From the results shown in Table 4, the film of the example was found to have deep drawability,
It turns out that it is excellent in all of the impact cracking resistance and the heat resistance.

In addition, when the heating temperature of the tin-free steel was changed variously for the films of Comparative Examples 5 and 9, no area where the overall evaluation was good (で) was found even if the heating temperature was increased or decreased.

<Effect of the Invention> The polyester film for metal laminating and forming of the present invention can be subjected to can drawing after laminating with a metal plate, for example, in deep drawing to form a metal can. It has excellent impact resistance and heat resistance, and is extremely useful for metal containers.

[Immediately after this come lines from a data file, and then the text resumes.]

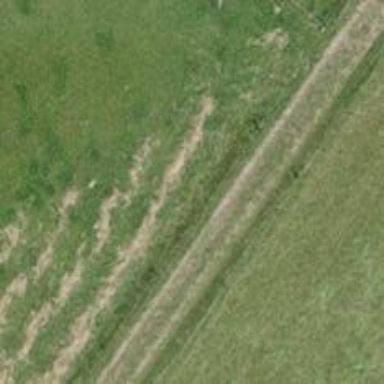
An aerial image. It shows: Track road with ground surface.
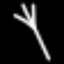
Label: fork
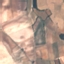
Label: PermanentCrop
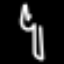
Label: fork
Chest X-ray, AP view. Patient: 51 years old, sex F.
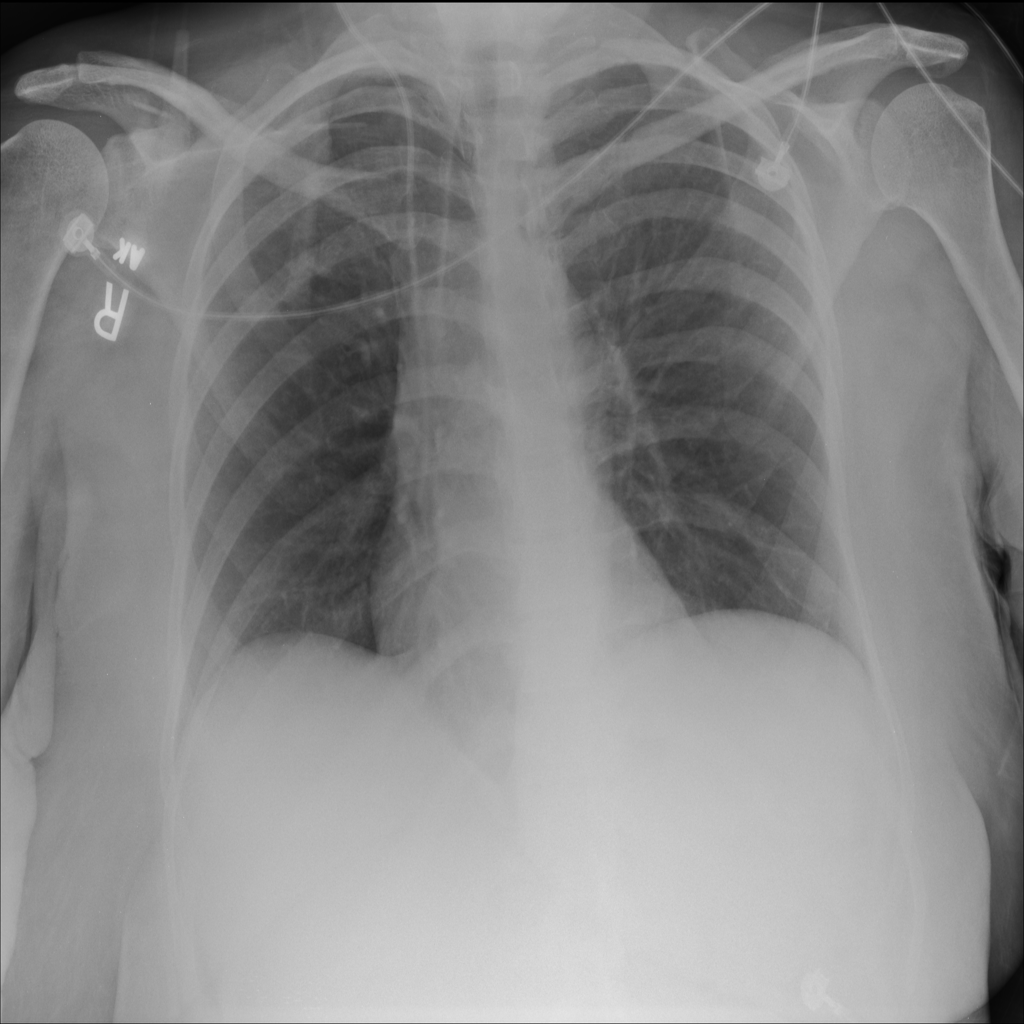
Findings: No Finding
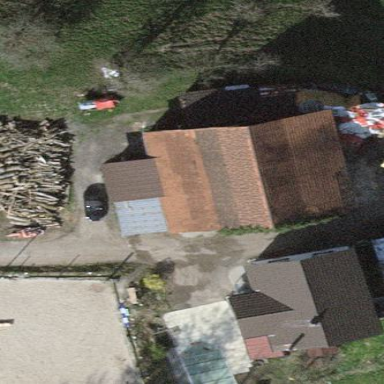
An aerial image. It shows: Farm auxiliary building.
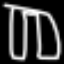
Label: pants
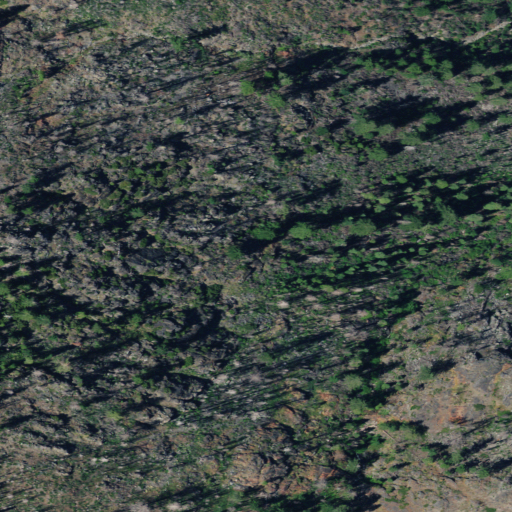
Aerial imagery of valley in California named Little Bear Valley containing grassland, shrub, and evergreen forest
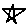
Label: star
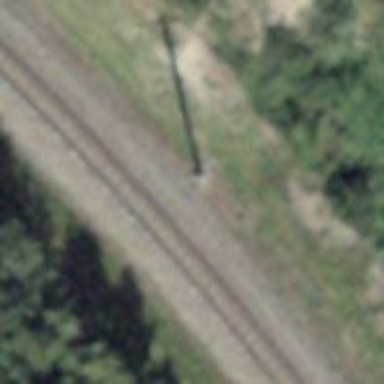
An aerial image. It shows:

[Brief description of the drawings]

Figure 1 is an example of a DSC chart, where A is melting point, B
Indicates a sub-peak temperature.

──────────────────────────────────────────────────続 き Continued on the front page (51) Int.Cl. ⁶ Identification code Agency reference number FI Technical indication C08L 67:02 (72) Inventor Yoji Murakami 3-37-19 Koyama, Sagamihara City, Kanagawa Prefecture Teijin Limited Sagamihara Research Center (56) References JP-A-3-87249 (JP, A)

Claims (1)

(57) [Claims] An average particle diameter of 2.5 μm or less, a relative standard deviation of 0.3 or less, and a particle diameter ratio (major axis / minor axis) of 1.0 to 1.
2, which comprises a copolymerized polyester having a melting point of 210 to 245 ° C. and a refractive index in the film thickness direction of 1.
505 to 1.545, the refractive index in the film plane direction is 1.61 to 1.66 in all directions, and the sub peak by DSC is 150
A polyester film for metal lamination molding, which is at a temperature of up to 205 ° C.